Being an airfield it's quite windy, so dress warmly. Budget around a fiver for a luxury west sussex dog roll and cuppa, or nearer a tenner for the Goodwood-endorsed organic breaskfast in a windy tent experience.

Pub lunch at one of those delightful Hampshire/Surrey pubs with hanging baskets and picnic tables a distinct possibilitiy on the drive back up, but please let me know if you fancy this as I will need to book a table! I'm hopeful that a list of names and phone numbers will prevent people getting too badly split up this time, so if you'd like to join us please PM me with the info.

Who's up for it

1. Me and her
2. DenTTed
3. Rich196
4. Londonblade
5. CastorAcer
6. mike46
7. kazinak
8. Vspurs
plus contacts through TTOC website


----------



## denTTed (Feb 21, 2007)

I'll be there, it is an awesome morning. I think we need to be there earlier this year though.


----------



## Gone (May 5, 2009)

Top notch John

You know the score.. see you at Petworth etc


----------



## Gareth50 (Feb 18, 2011)

I`ll chat toy you tomorrow about it Paul

G


----------



## Rich196 (Mar 31, 2011)

Ill be there, was a good one last year!


----------



## Gone (May 5, 2009)

Nice one guys, I'll get more organised about this as it draws nearer but keep banging the names down - done this a couple of times now so the regulars know the score!


----------



## CastorAcer (Oct 5, 2010)

I've PM-ed you but I'll be there... Always a fun event.


----------



## Gone (May 5, 2009)

Nice one!


----------



## Mike46 (Jan 6, 2012)

Sounds like a good meet, I should be able to come along!


----------



## kazinak (Mar 23, 2010)

Im in 

Send from my Android using Tapatalk 2


----------



## neilc (Aug 8, 2011)

kazinak said:


> Im in
> 
> Send from my Android using Tapatalk 2


Busy boy then Kaz , cruising on the 6th and racing on the 7th


----------



## kazinak (Mar 23, 2010)

neilc said:


> kazinak said:
> 
> 
> > Im in
> ...


i'm only few miles away from goodwood , will have breakfast and then start to polish and wax my car , because the clean cars are faster on the track :lol: :lol: and my girlfriend will be 2500myles away :lol: :lol: :lol:


----------



## Rich196 (Mar 31, 2011)

kazinak said:


> neilc said:
> 
> 
> > kazinak said:
> ...


Haha Lad weekend!!!


----------



## CastorAcer (Oct 5, 2010)

I'll meet you in Petworth Golden Square for as soon after 7:00 as I can manage.

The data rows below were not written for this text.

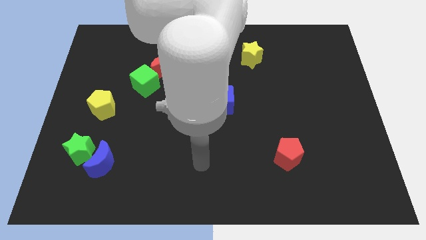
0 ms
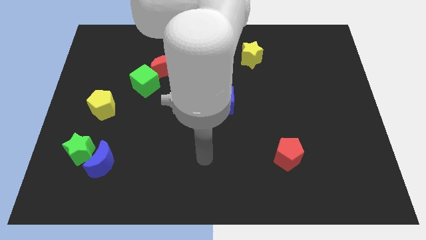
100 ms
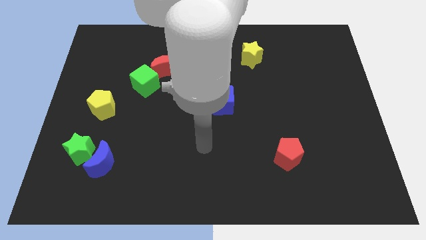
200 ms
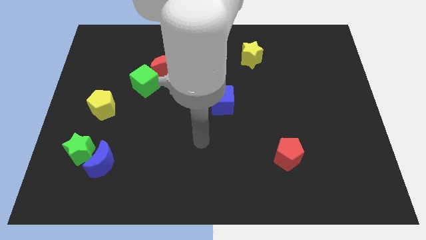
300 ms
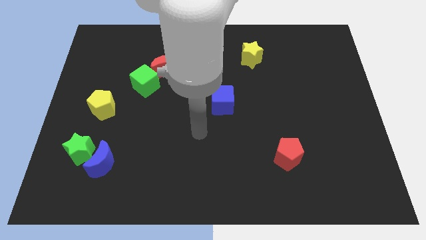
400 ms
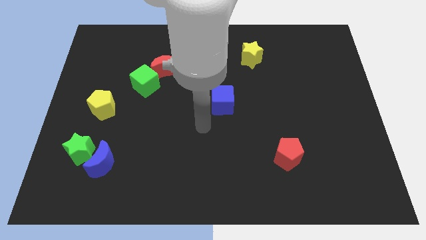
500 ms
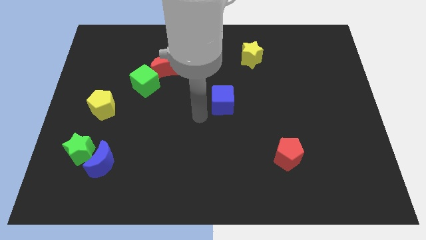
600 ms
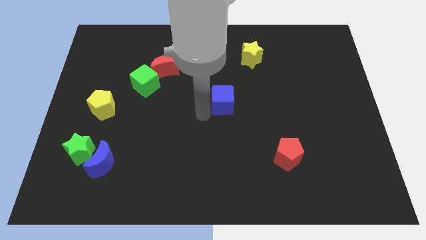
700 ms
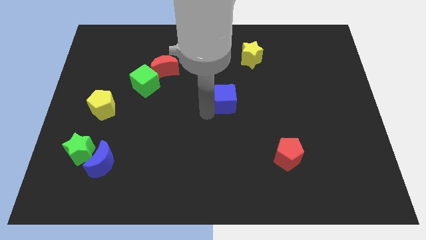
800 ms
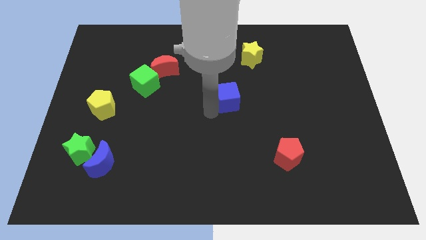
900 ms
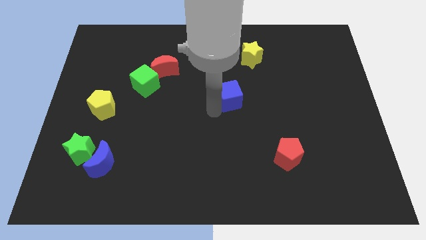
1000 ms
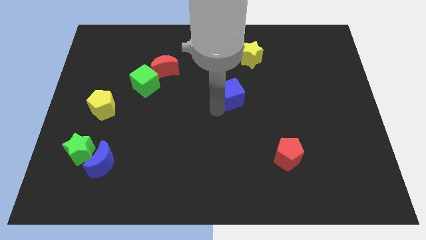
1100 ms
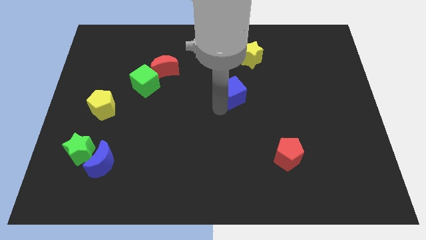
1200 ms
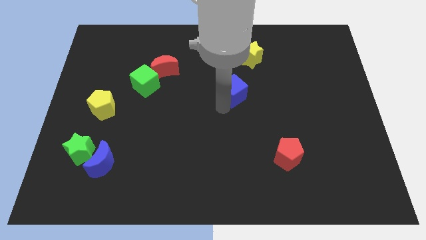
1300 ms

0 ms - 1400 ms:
slide the blue cube below the yellow star

Wonder what exotica we'll see this time.


----------



## Gone (May 5, 2009)

Less than a week to go on this now folks, let's hope it stays clear and dry at least. Quite enough rain for one month already even with a drought on


----------



## londonblade (Sep 29, 2011)

Current weather forecast for Sunday down there is dry, according to BBC anyway so fingers crossed 8) 
Cos if it's persistantly precipitating, I'm staying in bed  
Just so I get this right, Ripley Services is the first one on the A3 after passing the M25 heading out of London direction, with just a filling station and maybe a Little Chef or something?

Hope thats right and hope to see you then......


----------



## Gone (May 5, 2009)

That's right

I have to go as I want to see how much luggage I can't fit into a F355 the following weekend 8)

See you there!


----------



## Mike46 (Jan 6, 2012)

So what's the plan/times for this?

Anyone going past the buck barn services on the A24 near Horsham want to meet up to cruise down?


----------



## kazinak (Mar 23, 2010)

Mike46 said:


> So what's the plan/times for this?
> 
> Anyone going past the buck barn services on the A24 near Horsham want to meet up to cruise down?


what time :?:


----------



## neil7545 (May 2, 2012)

I'm coming to this event, this is my first TTOC meet and am really looking forward to it and hopefully many more.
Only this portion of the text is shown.